** Exercise details **
Among the entries below, copy every line that carries the word "covered".

Records from a collection:

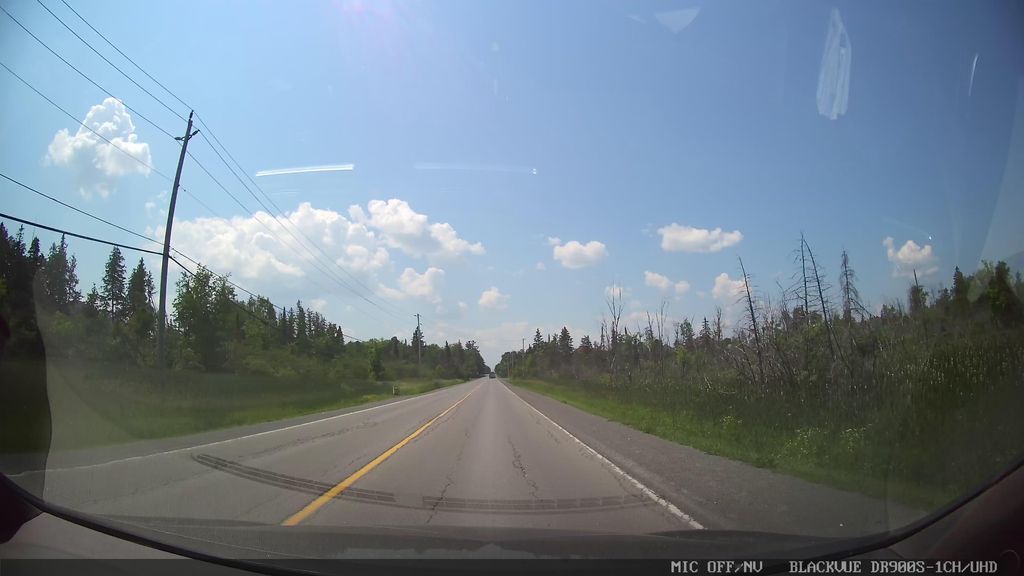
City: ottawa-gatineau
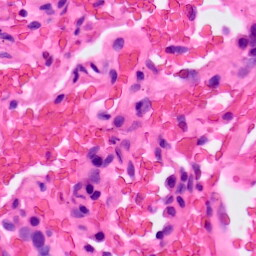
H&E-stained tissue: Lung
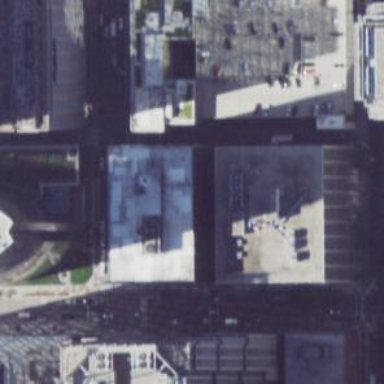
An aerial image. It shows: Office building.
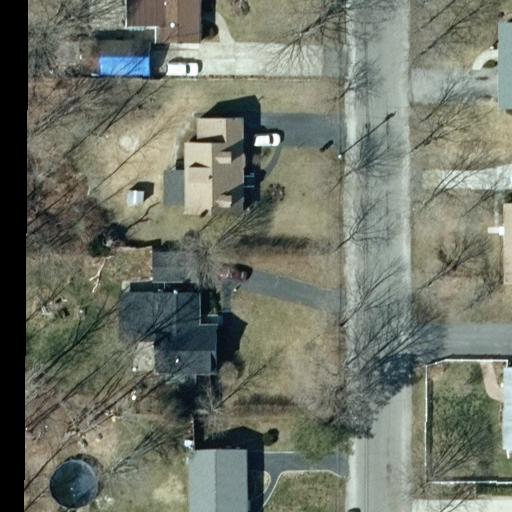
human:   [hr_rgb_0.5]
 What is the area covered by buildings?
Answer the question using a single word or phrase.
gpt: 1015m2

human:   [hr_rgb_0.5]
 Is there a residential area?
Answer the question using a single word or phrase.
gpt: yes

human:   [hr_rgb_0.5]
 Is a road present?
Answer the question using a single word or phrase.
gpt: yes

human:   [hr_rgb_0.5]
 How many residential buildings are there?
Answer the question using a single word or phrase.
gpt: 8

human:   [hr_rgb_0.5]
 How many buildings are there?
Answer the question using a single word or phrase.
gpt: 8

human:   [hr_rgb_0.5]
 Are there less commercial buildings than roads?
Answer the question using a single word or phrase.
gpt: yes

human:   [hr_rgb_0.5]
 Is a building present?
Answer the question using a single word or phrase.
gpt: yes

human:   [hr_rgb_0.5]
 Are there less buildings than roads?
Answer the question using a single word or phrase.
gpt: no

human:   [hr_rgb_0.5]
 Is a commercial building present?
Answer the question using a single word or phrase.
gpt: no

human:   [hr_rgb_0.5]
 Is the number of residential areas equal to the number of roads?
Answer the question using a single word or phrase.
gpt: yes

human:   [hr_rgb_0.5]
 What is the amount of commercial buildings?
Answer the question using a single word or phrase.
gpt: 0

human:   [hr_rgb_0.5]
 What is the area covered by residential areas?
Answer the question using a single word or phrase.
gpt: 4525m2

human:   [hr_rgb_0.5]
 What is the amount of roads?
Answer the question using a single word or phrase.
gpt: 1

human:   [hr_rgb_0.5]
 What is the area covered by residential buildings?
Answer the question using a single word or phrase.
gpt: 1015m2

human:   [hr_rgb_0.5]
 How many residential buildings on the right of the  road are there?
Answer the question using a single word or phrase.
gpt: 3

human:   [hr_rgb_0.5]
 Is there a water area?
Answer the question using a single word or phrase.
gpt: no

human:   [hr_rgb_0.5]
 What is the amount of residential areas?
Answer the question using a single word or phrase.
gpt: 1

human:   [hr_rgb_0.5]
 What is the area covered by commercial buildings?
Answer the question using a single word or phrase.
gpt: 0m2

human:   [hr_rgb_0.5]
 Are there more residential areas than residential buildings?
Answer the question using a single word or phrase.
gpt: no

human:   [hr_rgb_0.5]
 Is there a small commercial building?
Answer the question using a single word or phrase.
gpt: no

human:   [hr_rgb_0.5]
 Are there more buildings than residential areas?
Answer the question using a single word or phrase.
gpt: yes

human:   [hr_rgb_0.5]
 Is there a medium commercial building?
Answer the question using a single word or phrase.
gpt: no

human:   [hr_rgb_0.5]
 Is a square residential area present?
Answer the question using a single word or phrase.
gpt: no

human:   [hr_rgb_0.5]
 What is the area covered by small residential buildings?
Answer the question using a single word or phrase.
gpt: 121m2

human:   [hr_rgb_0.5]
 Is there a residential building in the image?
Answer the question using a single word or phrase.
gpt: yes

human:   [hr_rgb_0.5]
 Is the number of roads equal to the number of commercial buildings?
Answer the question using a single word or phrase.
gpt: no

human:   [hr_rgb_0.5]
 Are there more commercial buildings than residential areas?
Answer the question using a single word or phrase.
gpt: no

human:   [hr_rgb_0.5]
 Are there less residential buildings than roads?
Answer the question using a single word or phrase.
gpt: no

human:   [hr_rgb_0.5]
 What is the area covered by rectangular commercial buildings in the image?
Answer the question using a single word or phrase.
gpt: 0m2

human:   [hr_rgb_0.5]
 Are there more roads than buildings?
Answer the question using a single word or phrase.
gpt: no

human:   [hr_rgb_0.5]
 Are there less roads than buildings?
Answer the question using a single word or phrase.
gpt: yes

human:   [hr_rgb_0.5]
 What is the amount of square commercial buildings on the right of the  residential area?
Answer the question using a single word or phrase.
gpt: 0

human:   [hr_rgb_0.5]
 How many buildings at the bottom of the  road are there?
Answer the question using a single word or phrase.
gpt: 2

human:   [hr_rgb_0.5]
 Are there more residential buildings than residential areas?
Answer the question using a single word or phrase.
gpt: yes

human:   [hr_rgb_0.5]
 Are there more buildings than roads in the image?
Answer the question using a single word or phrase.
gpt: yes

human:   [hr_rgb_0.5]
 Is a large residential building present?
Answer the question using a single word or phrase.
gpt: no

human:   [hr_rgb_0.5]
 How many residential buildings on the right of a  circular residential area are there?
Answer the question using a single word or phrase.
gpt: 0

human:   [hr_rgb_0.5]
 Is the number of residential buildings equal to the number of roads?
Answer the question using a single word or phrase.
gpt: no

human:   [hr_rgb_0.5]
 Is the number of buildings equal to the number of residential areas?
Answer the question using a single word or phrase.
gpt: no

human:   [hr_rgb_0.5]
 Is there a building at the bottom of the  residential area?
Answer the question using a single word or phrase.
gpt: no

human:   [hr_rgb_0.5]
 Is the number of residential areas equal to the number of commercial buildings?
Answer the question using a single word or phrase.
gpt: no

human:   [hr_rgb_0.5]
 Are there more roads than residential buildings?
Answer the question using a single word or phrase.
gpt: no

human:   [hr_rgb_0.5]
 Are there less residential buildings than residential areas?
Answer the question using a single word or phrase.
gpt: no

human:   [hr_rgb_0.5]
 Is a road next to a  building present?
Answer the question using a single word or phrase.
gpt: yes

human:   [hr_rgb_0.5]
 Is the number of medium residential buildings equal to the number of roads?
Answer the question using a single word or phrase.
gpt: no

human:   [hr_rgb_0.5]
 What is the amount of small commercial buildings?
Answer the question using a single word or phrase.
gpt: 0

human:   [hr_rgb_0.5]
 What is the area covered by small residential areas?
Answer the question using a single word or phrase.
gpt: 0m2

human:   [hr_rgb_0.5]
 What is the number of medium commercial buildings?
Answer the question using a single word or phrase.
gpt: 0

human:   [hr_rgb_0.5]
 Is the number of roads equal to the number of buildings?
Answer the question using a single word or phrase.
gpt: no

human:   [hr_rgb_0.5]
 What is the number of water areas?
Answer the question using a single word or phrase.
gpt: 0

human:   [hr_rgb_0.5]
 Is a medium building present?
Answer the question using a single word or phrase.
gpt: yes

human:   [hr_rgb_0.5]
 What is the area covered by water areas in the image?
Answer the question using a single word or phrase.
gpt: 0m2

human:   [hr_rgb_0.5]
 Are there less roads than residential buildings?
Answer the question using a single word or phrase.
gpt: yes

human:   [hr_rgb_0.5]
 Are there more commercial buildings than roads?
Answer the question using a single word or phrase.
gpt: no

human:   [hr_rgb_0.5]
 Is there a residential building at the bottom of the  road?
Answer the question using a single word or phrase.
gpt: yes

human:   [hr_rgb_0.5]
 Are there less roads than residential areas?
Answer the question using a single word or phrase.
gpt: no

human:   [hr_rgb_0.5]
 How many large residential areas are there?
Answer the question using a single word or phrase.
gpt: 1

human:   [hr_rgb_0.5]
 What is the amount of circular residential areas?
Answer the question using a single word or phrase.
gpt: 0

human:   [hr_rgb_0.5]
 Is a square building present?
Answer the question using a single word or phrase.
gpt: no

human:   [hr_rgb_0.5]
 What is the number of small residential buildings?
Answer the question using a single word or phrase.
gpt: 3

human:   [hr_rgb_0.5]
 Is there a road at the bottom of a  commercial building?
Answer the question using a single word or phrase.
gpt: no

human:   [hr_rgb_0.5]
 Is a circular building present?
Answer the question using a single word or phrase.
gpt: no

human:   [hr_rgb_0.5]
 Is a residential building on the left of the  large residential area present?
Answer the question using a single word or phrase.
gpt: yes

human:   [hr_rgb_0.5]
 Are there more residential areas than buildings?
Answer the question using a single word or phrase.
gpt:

** Completed task **
 What is the area covered by buildings?
 What is the area covered by residential areas?
 What is the area covered by residential buildings?
 What is the area covered by commercial buildings?
 What is the area covered by small residential buildings?
 What is the area covered by rectangular commercial buildings in the image?
 What is the area covered by small residential areas?
 What is the area covered by water areas in the image?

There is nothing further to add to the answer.